*** Opening SUPPLIED RECORDS ***

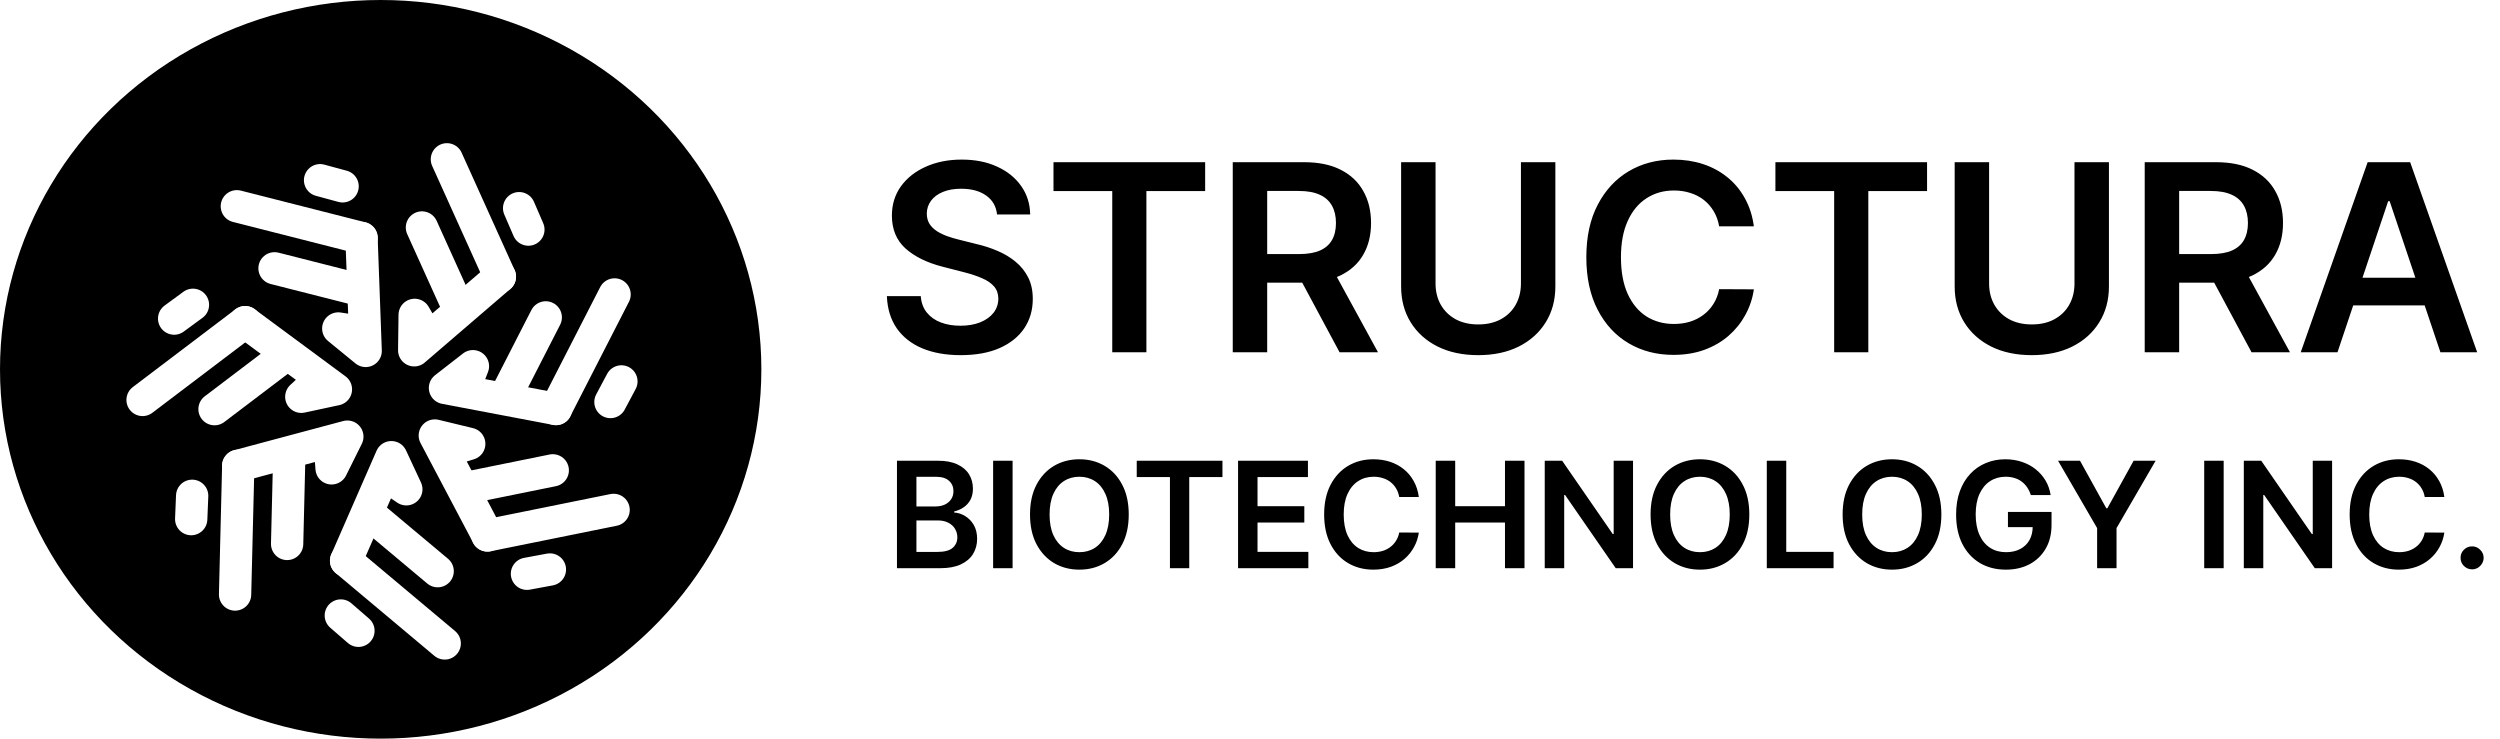 <svg width="220" height="65" viewBox="0 0 220 65" fill="none" xmlns="http://www.w3.org/2000/svg">
<g clip-path="url(#clip0_308_50)">
<path d="M87.74 18.871C87.664 18.158 87.343 17.602 86.777 17.205C86.216 16.807 85.486 16.609 84.588 16.609C83.956 16.609 83.414 16.704 82.962 16.895C82.51 17.085 82.165 17.344 81.925 17.671C81.686 17.997 81.563 18.37 81.558 18.789C81.558 19.138 81.636 19.44 81.794 19.696C81.958 19.952 82.178 20.17 82.456 20.349C82.734 20.524 83.041 20.671 83.379 20.791C83.716 20.91 84.057 21.011 84.4 21.093L85.968 21.485C86.6 21.632 87.207 21.831 87.789 22.081C88.377 22.331 88.903 22.647 89.366 23.028C89.834 23.41 90.204 23.87 90.477 24.409C90.749 24.948 90.885 25.579 90.885 26.304C90.885 27.284 90.635 28.147 90.133 28.893C89.633 29.633 88.908 30.213 87.961 30.633C87.019 31.046 85.878 31.253 84.539 31.253C83.237 31.253 82.108 31.052 81.149 30.649C80.196 30.246 79.45 29.658 78.911 28.885C78.378 28.111 78.089 27.169 78.046 26.059H81.027C81.07 26.641 81.25 27.126 81.566 27.512C81.882 27.899 82.293 28.188 82.799 28.378C83.311 28.569 83.883 28.664 84.514 28.664C85.173 28.664 85.75 28.566 86.246 28.37C86.747 28.169 87.139 27.891 87.422 27.537C87.705 27.178 87.849 26.758 87.855 26.279C87.849 25.843 87.721 25.484 87.471 25.201C87.22 24.912 86.869 24.673 86.417 24.482C85.971 24.286 85.448 24.112 84.849 23.959L82.946 23.47C81.568 23.116 80.479 22.579 79.679 21.86C78.884 21.136 78.487 20.175 78.487 18.977C78.487 17.992 78.753 17.129 79.287 16.388C79.826 15.648 80.558 15.073 81.484 14.665C82.41 14.251 83.458 14.044 84.629 14.044C85.816 14.044 86.856 14.251 87.749 14.665C88.647 15.073 89.352 15.642 89.864 16.372C90.376 17.096 90.64 17.929 90.656 18.871H87.74ZM92.707 16.813V14.273H106.053V16.813H100.883V31H97.878V16.813H92.707ZM108.482 31V14.273H114.755C116.04 14.273 117.118 14.496 117.99 14.943C118.866 15.389 119.528 16.015 119.974 16.821C120.426 17.621 120.652 18.555 120.652 19.622C120.652 20.695 120.424 21.626 119.966 22.416C119.514 23.2 118.847 23.807 117.965 24.237C117.083 24.662 115.999 24.874 114.714 24.874H110.247V22.359H114.306C115.057 22.359 115.673 22.255 116.152 22.048C116.631 21.836 116.985 21.528 117.214 21.125C117.448 20.717 117.565 20.216 117.565 19.622C117.565 19.029 117.448 18.523 117.214 18.103C116.98 17.679 116.623 17.357 116.144 17.14C115.665 16.916 115.047 16.805 114.29 16.805H111.513V31H108.482ZM117.124 23.421L121.265 31H117.883L113.816 23.421H117.124ZM133.842 14.273H136.872V25.201C136.872 26.399 136.589 27.453 136.023 28.362C135.462 29.271 134.672 29.982 133.654 30.494C132.636 31 131.446 31.253 130.085 31.253C128.718 31.253 127.526 31 126.508 30.494C125.489 29.982 124.7 29.271 124.139 28.362C123.578 27.453 123.298 26.399 123.298 25.201V14.273H126.328V24.948C126.328 25.645 126.48 26.265 126.785 26.81C127.096 27.355 127.531 27.782 128.092 28.092C128.653 28.397 129.317 28.55 130.085 28.55C130.853 28.55 131.517 28.397 132.078 28.092C132.644 27.782 133.08 27.355 133.385 26.81C133.69 26.265 133.842 25.645 133.842 24.948V14.273ZM154.34 19.916H151.285C151.198 19.416 151.038 18.972 150.803 18.585C150.569 18.193 150.278 17.861 149.929 17.589C149.581 17.317 149.183 17.112 148.737 16.976C148.296 16.835 147.819 16.764 147.308 16.764C146.398 16.764 145.592 16.992 144.89 17.45C144.188 17.902 143.638 18.566 143.24 19.443C142.843 20.314 142.644 21.379 142.644 22.636C142.644 23.916 142.843 24.994 143.24 25.871C143.643 26.742 144.193 27.401 144.89 27.847C145.592 28.288 146.396 28.509 147.299 28.509C147.8 28.509 148.269 28.444 148.704 28.313C149.145 28.177 149.54 27.978 149.889 27.717C150.243 27.455 150.539 27.134 150.779 26.753C151.024 26.372 151.193 25.936 151.285 25.446L154.34 25.462C154.226 26.257 153.978 27.003 153.597 27.7C153.221 28.397 152.728 29.012 152.118 29.546C151.509 30.074 150.795 30.488 149.978 30.788C149.162 31.082 148.255 31.229 147.259 31.229C145.788 31.229 144.476 30.888 143.322 30.208C142.167 29.527 141.258 28.544 140.594 27.259C139.93 25.974 139.597 24.433 139.597 22.636C139.597 20.834 139.932 19.293 140.602 18.014C141.272 16.729 142.184 15.746 143.338 15.065C144.493 14.384 145.799 14.044 147.259 14.044C148.19 14.044 149.056 14.175 149.856 14.436C150.656 14.697 151.37 15.081 151.996 15.588C152.622 16.089 153.137 16.704 153.54 17.434C153.948 18.158 154.215 18.985 154.34 19.916ZM156.236 16.813V14.273H169.582V16.813H164.412V31H161.406V16.813H156.236ZM182.555 14.273H185.586V25.201C185.586 26.399 185.302 27.453 184.736 28.362C184.175 29.271 183.386 29.982 182.368 30.494C181.349 31 180.16 31.253 178.798 31.253C177.432 31.253 176.239 31 175.221 30.494C174.203 29.982 173.413 29.271 172.852 28.362C172.291 27.453 172.011 26.399 172.011 25.201V14.273H175.041V24.948C175.041 25.645 175.194 26.265 175.499 26.81C175.809 27.355 176.245 27.782 176.805 28.092C177.366 28.397 178.031 28.55 178.798 28.55C179.566 28.55 180.23 28.397 180.791 28.092C181.357 27.782 181.793 27.355 182.098 26.81C182.403 26.265 182.555 25.645 182.555 24.948V14.273ZM188.735 31V14.273H195.008C196.293 14.273 197.371 14.496 198.243 14.943C199.119 15.389 199.781 16.015 200.227 16.821C200.679 17.621 200.905 18.555 200.905 19.622C200.905 20.695 200.676 21.626 200.219 22.416C199.767 23.2 199.1 23.807 198.218 24.237C197.336 24.662 196.252 24.874 194.967 24.874H190.5V22.359H194.559C195.31 22.359 195.926 22.255 196.405 22.048C196.884 21.836 197.238 21.528 197.467 21.125C197.701 20.717 197.818 20.216 197.818 19.622C197.818 19.029 197.701 18.523 197.467 18.103C197.232 17.679 196.876 17.357 196.397 17.14C195.917 16.916 195.299 16.805 194.543 16.805H191.766V31H188.735ZM197.377 23.421L201.518 31H198.136L194.069 23.421H197.377ZM205.699 31H202.464L208.353 14.273H212.094L217.991 31H214.757L210.289 17.703H210.158L205.699 31ZM205.805 24.441H214.626V26.875H205.805V24.441Z" fill="black"/>
<path d="M78.933 50V40.545H82.552C83.235 40.545 83.803 40.653 84.255 40.869C84.711 41.081 85.051 41.372 85.276 41.741C85.503 42.11 85.617 42.529 85.617 42.997C85.617 43.382 85.543 43.711 85.396 43.985C85.248 44.256 85.049 44.476 84.8 44.645C84.551 44.814 84.272 44.936 83.965 45.01V45.102C84.3 45.12 84.622 45.224 84.929 45.411C85.24 45.596 85.494 45.858 85.691 46.196C85.888 46.535 85.987 46.944 85.987 47.424C85.987 47.913 85.868 48.353 85.631 48.744C85.394 49.132 85.037 49.438 84.56 49.663C84.083 49.888 83.483 50 82.76 50H78.933ZM80.645 48.569H82.487C83.109 48.569 83.557 48.45 83.831 48.213C84.108 47.973 84.246 47.666 84.246 47.29C84.246 47.01 84.177 46.758 84.038 46.533C83.9 46.305 83.703 46.127 83.447 45.998C83.192 45.865 82.887 45.799 82.533 45.799H80.645V48.569ZM80.645 44.566H82.34C82.635 44.566 82.901 44.513 83.138 44.405C83.375 44.294 83.561 44.139 83.697 43.939C83.835 43.735 83.904 43.495 83.904 43.218C83.904 42.852 83.775 42.55 83.517 42.314C83.261 42.077 82.881 41.958 82.376 41.958H80.645V44.566ZM89.108 40.545V50H87.395V40.545H89.108ZM99.329 45.273C99.329 46.291 99.139 47.164 98.757 47.89C98.379 48.614 97.862 49.167 97.206 49.552C96.553 49.937 95.813 50.129 94.985 50.129C94.157 50.129 93.416 49.937 92.76 49.552C92.108 49.164 91.591 48.609 91.209 47.886C90.831 47.159 90.641 46.288 90.641 45.273C90.641 44.254 90.831 43.383 91.209 42.66C91.591 41.934 92.108 41.378 92.76 40.993C93.416 40.608 94.157 40.416 94.985 40.416C95.813 40.416 96.553 40.608 97.206 40.993C97.862 41.378 98.379 41.934 98.757 42.66C99.139 43.383 99.329 44.254 99.329 45.273ZM97.608 45.273C97.608 44.556 97.495 43.951 97.271 43.459C97.049 42.963 96.741 42.589 96.347 42.337C95.953 42.081 95.499 41.953 94.985 41.953C94.471 41.953 94.017 42.081 93.624 42.337C93.23 42.589 92.92 42.963 92.696 43.459C92.474 43.951 92.363 44.556 92.363 45.273C92.363 45.99 92.474 46.596 92.696 47.092C92.92 47.584 93.23 47.958 93.624 48.213C94.017 48.466 94.471 48.592 94.985 48.592C95.499 48.592 95.953 48.466 96.347 48.213C96.741 47.958 97.049 47.584 97.271 47.092C97.495 46.596 97.608 45.99 97.608 45.273ZM100.033 41.981V40.545H107.576V41.981H104.654V50H102.955V41.981H100.033ZM108.949 50V40.545H115.098V41.981H110.662V44.548H114.78V45.984H110.662V48.564H115.135V50H108.949ZM124.857 43.735H123.131C123.081 43.452 122.991 43.202 122.858 42.983C122.726 42.761 122.561 42.574 122.364 42.42C122.167 42.266 121.943 42.15 121.69 42.074C121.441 41.993 121.172 41.953 120.882 41.953C120.368 41.953 119.913 42.083 119.516 42.341C119.119 42.597 118.808 42.972 118.583 43.468C118.359 43.96 118.246 44.562 118.246 45.273C118.246 45.996 118.359 46.605 118.583 47.101C118.811 47.593 119.122 47.966 119.516 48.218C119.913 48.467 120.367 48.592 120.878 48.592C121.161 48.592 121.426 48.555 121.672 48.481C121.921 48.404 122.144 48.292 122.341 48.144C122.541 47.996 122.709 47.815 122.844 47.599C122.983 47.384 123.078 47.138 123.131 46.861L124.857 46.87C124.793 47.319 124.653 47.741 124.437 48.135C124.225 48.529 123.946 48.877 123.602 49.178C123.257 49.477 122.854 49.711 122.392 49.88C121.93 50.046 121.418 50.129 120.855 50.129C120.024 50.129 119.282 49.937 118.63 49.552C117.977 49.167 117.463 48.612 117.088 47.886C116.712 47.159 116.525 46.288 116.525 45.273C116.525 44.254 116.714 43.383 117.092 42.66C117.471 41.934 117.986 41.378 118.639 40.993C119.291 40.608 120.03 40.416 120.855 40.416C121.381 40.416 121.87 40.49 122.323 40.638C122.775 40.785 123.178 41.002 123.532 41.289C123.886 41.572 124.177 41.92 124.405 42.332C124.636 42.741 124.786 43.209 124.857 43.735ZM126.344 50V40.545H128.057V44.548H132.438V40.545H134.156V50H132.438V45.984H128.057V50H126.344ZM143.707 40.545V50H142.183L137.728 43.56H137.65V50H135.937V40.545H137.47L141.92 46.99H142.003V40.545H143.707ZM153.94 45.273C153.94 46.291 153.749 47.164 153.367 47.89C152.989 48.614 152.472 49.167 151.816 49.552C151.164 49.937 150.423 50.129 149.596 50.129C148.768 50.129 148.026 49.937 147.37 49.552C146.718 49.164 146.201 48.609 145.819 47.886C145.441 47.159 145.251 46.288 145.251 45.273C145.251 44.254 145.441 43.383 145.819 42.66C146.201 41.934 146.718 41.378 147.37 40.993C148.026 40.608 148.768 40.416 149.596 40.416C150.423 40.416 151.164 40.608 151.816 40.993C152.472 41.378 152.989 41.934 153.367 42.66C153.749 43.383 153.94 44.254 153.94 45.273ZM152.218 45.273C152.218 44.556 152.105 43.951 151.881 43.459C151.659 42.963 151.351 42.589 150.957 42.337C150.563 42.081 150.11 41.953 149.596 41.953C149.082 41.953 148.628 42.081 148.234 42.337C147.84 42.589 147.53 42.963 147.306 43.459C147.084 43.951 146.973 44.556 146.973 45.273C146.973 45.99 147.084 46.596 147.306 47.092C147.53 47.584 147.84 47.958 148.234 48.213C148.628 48.466 149.082 48.592 149.596 48.592C150.11 48.592 150.563 48.466 150.957 48.213C151.351 47.958 151.659 47.584 151.881 47.092C152.105 46.596 152.218 45.99 152.218 45.273ZM155.478 50V40.545H157.19V48.564H161.354V50H155.478ZM170.84 45.273C170.84 46.291 170.649 47.164 170.267 47.89C169.889 48.614 169.372 49.167 168.716 49.552C168.064 49.937 167.323 50.129 166.496 50.129C165.668 50.129 164.926 49.937 164.27 49.552C163.618 49.164 163.101 48.609 162.719 47.886C162.341 47.159 162.151 46.288 162.151 45.273C162.151 44.254 162.341 43.383 162.719 42.66C163.101 41.934 163.618 41.378 164.27 40.993C164.926 40.608 165.668 40.416 166.496 40.416C167.323 40.416 168.064 40.608 168.716 40.993C169.372 41.378 169.889 41.934 170.267 42.66C170.649 43.383 170.84 44.254 170.84 45.273ZM169.118 45.273C169.118 44.556 169.005 43.951 168.781 43.459C168.559 42.963 168.251 42.589 167.857 42.337C167.463 42.081 167.01 41.953 166.496 41.953C165.982 41.953 165.528 42.081 165.134 42.337C164.74 42.589 164.43 42.963 164.206 43.459C163.984 43.951 163.873 44.556 163.873 45.273C163.873 45.99 163.984 46.596 164.206 47.092C164.43 47.584 164.74 47.958 165.134 48.213C165.528 48.466 165.982 48.592 166.496 48.592C167.01 48.592 167.463 48.466 167.857 48.213C168.251 47.958 168.559 47.584 168.781 47.092C169.005 46.596 169.118 45.99 169.118 45.273ZM178.711 43.565C178.635 43.315 178.528 43.092 178.393 42.895C178.261 42.695 178.101 42.524 177.913 42.383C177.728 42.241 177.516 42.135 177.276 42.064C177.036 41.99 176.774 41.953 176.491 41.953C175.983 41.953 175.531 42.081 175.134 42.337C174.737 42.592 174.424 42.968 174.197 43.463C173.972 43.956 173.86 44.556 173.86 45.264C173.86 45.977 173.972 46.582 174.197 47.078C174.421 47.573 174.734 47.95 175.134 48.209C175.534 48.464 175.998 48.592 176.528 48.592C177.008 48.592 177.423 48.5 177.774 48.315C178.128 48.13 178.401 47.869 178.591 47.53C178.782 47.189 178.878 46.788 178.878 46.33L179.265 46.39H176.699V45.051H180.535V46.187C180.535 46.996 180.363 47.696 180.018 48.287C179.673 48.878 179.199 49.334 178.596 49.654C177.993 49.971 177.3 50.129 176.519 50.129C175.648 50.129 174.883 49.934 174.224 49.543C173.569 49.149 173.056 48.59 172.687 47.867C172.321 47.141 172.138 46.279 172.138 45.282C172.138 44.519 172.245 43.837 172.461 43.237C172.679 42.637 172.984 42.127 173.375 41.709C173.766 41.287 174.224 40.967 174.751 40.749C175.277 40.527 175.849 40.416 176.468 40.416C176.991 40.416 177.479 40.493 177.931 40.647C178.384 40.798 178.785 41.013 179.136 41.293C179.49 41.573 179.781 41.906 180.009 42.291C180.236 42.675 180.386 43.1 180.456 43.565H178.711ZM181.108 40.545H183.042L185.355 44.728H185.448L187.76 40.545H189.695L186.255 46.473V50H184.547V46.473L181.108 40.545ZM195.683 40.545V50H193.97V40.545H195.683ZM205.225 40.545V50H203.702L199.247 43.56H199.169V50H197.456V40.545H198.989L203.439 46.99H203.522V40.545H205.225ZM215.103 43.735H213.377C213.327 43.452 213.237 43.202 213.104 42.983C212.972 42.761 212.807 42.574 212.61 42.42C212.413 42.266 212.189 42.15 211.936 42.074C211.687 41.993 211.418 41.953 211.128 41.953C210.614 41.953 210.159 42.083 209.762 42.341C209.365 42.597 209.054 42.972 208.829 43.468C208.605 43.96 208.492 44.562 208.492 45.273C208.492 45.996 208.605 46.605 208.829 47.101C209.057 47.593 209.368 47.966 209.762 48.218C210.159 48.467 210.613 48.592 211.124 48.592C211.407 48.592 211.672 48.555 211.918 48.481C212.167 48.404 212.39 48.292 212.587 48.144C212.787 47.996 212.955 47.815 213.09 47.599C213.229 47.384 213.324 47.138 213.377 46.861L215.103 46.87C215.039 47.319 214.898 47.741 214.683 48.135C214.471 48.529 214.192 48.877 213.847 49.178C213.503 49.477 213.1 49.711 212.638 49.88C212.176 50.046 211.664 50.129 211.101 50.129C210.27 50.129 209.528 49.937 208.876 49.552C208.223 49.167 207.709 48.612 207.334 47.886C206.958 47.159 206.77 46.288 206.77 45.273C206.77 44.254 206.96 43.383 207.338 42.66C207.717 41.934 208.232 41.378 208.885 40.993C209.537 40.608 210.276 40.416 211.101 40.416C211.627 40.416 212.116 40.49 212.569 40.638C213.021 40.785 213.424 41.002 213.778 41.289C214.132 41.572 214.423 41.92 214.651 42.332C214.882 42.741 215.032 43.209 215.103 43.735ZM217.546 50.102C217.266 50.102 217.026 50.003 216.826 49.806C216.626 49.609 216.527 49.369 216.53 49.086C216.527 48.809 216.626 48.572 216.826 48.375C217.026 48.178 217.266 48.08 217.546 48.08C217.817 48.08 218.052 48.178 218.252 48.375C218.455 48.572 218.558 48.809 218.562 49.086C218.558 49.274 218.509 49.444 218.414 49.598C218.322 49.752 218.198 49.875 218.045 49.968C217.894 50.057 217.728 50.102 217.546 50.102Z" fill="black"/>
<ellipse cx="33.5" cy="32.5" rx="33.5" ry="32.5" fill="black"/>
<g filter="url(#filter0_d_308_50)">
<path d="M45.683 15.319L46.498 17.204" stroke="white" stroke-width="2.842" stroke-linecap="round"/>
<path d="M39.327 11.019L43.99 21.345" stroke="white" stroke-width="2.842" stroke-linecap="round"/>
<path d="M37.13 17.018L40.057 23.493" stroke="white" stroke-width="2.842" stroke-linecap="round"/>
<path d="M43.99 21.345L36.45 27.826L36.49 24.709L37.514 26.484" stroke="white" stroke-width="2.842" stroke-linecap="round" stroke-linejoin="round"/>
<path d="M54.684 30.565L53.719 32.378" stroke="white" stroke-width="2.842" stroke-linecap="round"/>
<path d="M54.083 22.91L48.917 32.995" stroke="white" stroke-width="2.842" stroke-linecap="round"/>
<path d="M48.027 24.93L44.79 31.256" stroke="white" stroke-width="2.842" stroke-linecap="round"/>
<path d="M48.925 32.993L39.158 31.139L41.619 29.226L40.87 31.134" stroke="white" stroke-width="2.842" stroke-linecap="round" stroke-linejoin="round"/>
<path d="M48.392 47.116L46.372 47.491" stroke="white" stroke-width="2.842" stroke-linecap="round"/>
<path d="M53.998 41.871L42.893 44.119" stroke="white" stroke-width="2.842" stroke-linecap="round"/>
<path d="M48.643 38.39L41.679 39.803" stroke="white" stroke-width="2.842" stroke-linecap="round"/>
<path d="M42.903 44.118L38.263 35.325L41.293 36.057L39.334 36.66" stroke="white" stroke-width="2.842" stroke-linecap="round" stroke-linejoin="round"/>
<path d="M31.543 52.509L29.991 51.164" stroke="white" stroke-width="2.842" stroke-linecap="round"/>
<path d="M39.135 53.623L30.454 46.342" stroke="white" stroke-width="2.842" stroke-linecap="round"/>
<path d="M38.514 47.263L33.067 42.699" stroke="white" stroke-width="2.842" stroke-linecap="round"/>
<path d="M30.458 46.342L34.44 37.232L35.757 40.057L34.063 38.902" stroke="white" stroke-width="2.842" stroke-linecap="round" stroke-linejoin="round"/>
<path d="M16.826 42.682L16.91 40.63" stroke="white" stroke-width="2.842" stroke-linecap="round"/>
<path d="M20.687 49.317L20.966 37.99" stroke="white" stroke-width="2.842" stroke-linecap="round"/>
<path d="M25.267 44.867L25.44 37.763" stroke="white" stroke-width="2.842" stroke-linecap="round"/>
<path d="M20.962 37.991L30.567 35.424L29.179 38.215L29.026 36.171" stroke="white" stroke-width="2.842" stroke-linecap="round" stroke-linejoin="round"/>
<path d="M15.324 25.036L16.98 23.822" stroke="white" stroke-width="2.842" stroke-linecap="round"/>
<path d="M12.546 32.195L21.576 25.351" stroke="white" stroke-width="2.842" stroke-linecap="round"/>
<path d="M18.878 33.006L24.54 28.711" stroke="white" stroke-width="2.842" stroke-linecap="round"/>
<path d="M21.566 25.353L29.561 31.262L26.514 31.917L28.016 30.523" stroke="white" stroke-width="2.842" stroke-linecap="round" stroke-linejoin="round"/>
<path d="M28.166 12.859L30.149 13.397" stroke="white" stroke-width="2.842" stroke-linecap="round"/>
<path d="M20.842 15.151L31.823 17.944" stroke="white" stroke-width="2.842" stroke-linecap="round"/>
<path d="M24.158 20.612L31.045 22.361" stroke="white" stroke-width="2.842" stroke-linecap="round"/>
<path d="M31.814 17.945L32.179 27.881L29.767 25.907L31.794 26.212" stroke="white" stroke-width="2.842" stroke-linecap="round" stroke-linejoin="round"/>
</g>
</g>
<defs>
<filter id="filter0_d_308_50" x="0.125" y="1.598" width="66.981" height="67.446" filterUnits="userSpaceOnUse" color-interpolation-filters="sRGB">
<feFlood flood-opacity="0" result="BackgroundImageFix"/>
<feColorMatrix in="SourceAlpha" type="matrix" values="0 0 0 0 0 0 0 0 0 0 0 0 0 0 0 0 0 0 127 0" result="hardAlpha"/>
<feOffset dy="3"/>
<feGaussianBlur stdDeviation="5.5"/>
<feColorMatrix type="matrix" values="0 0 0 0 0 0 0 0 0 0 0 0 0 0 0 0 0 0 0.3 0"/>
<feBlend mode="normal" in2="BackgroundImageFix" result="effect1_dropShadow_308_50"/>
<feBlend mode="normal" in="SourceGraphic" in2="effect1_dropShadow_308_50" result="shape"/>
</filter>
<clipPath id="clip0_308_50">
<rect width="220" height="65" fill="white"/>
</clipPath>
</defs>
</svg>

*** Closing SUPPLIED RECORDS ***

PROBLEM STATEMENT:
Using the material above, work out how many lines contain the string "filter". Give that number alone.

RESULT OF THE EXERCISE:
3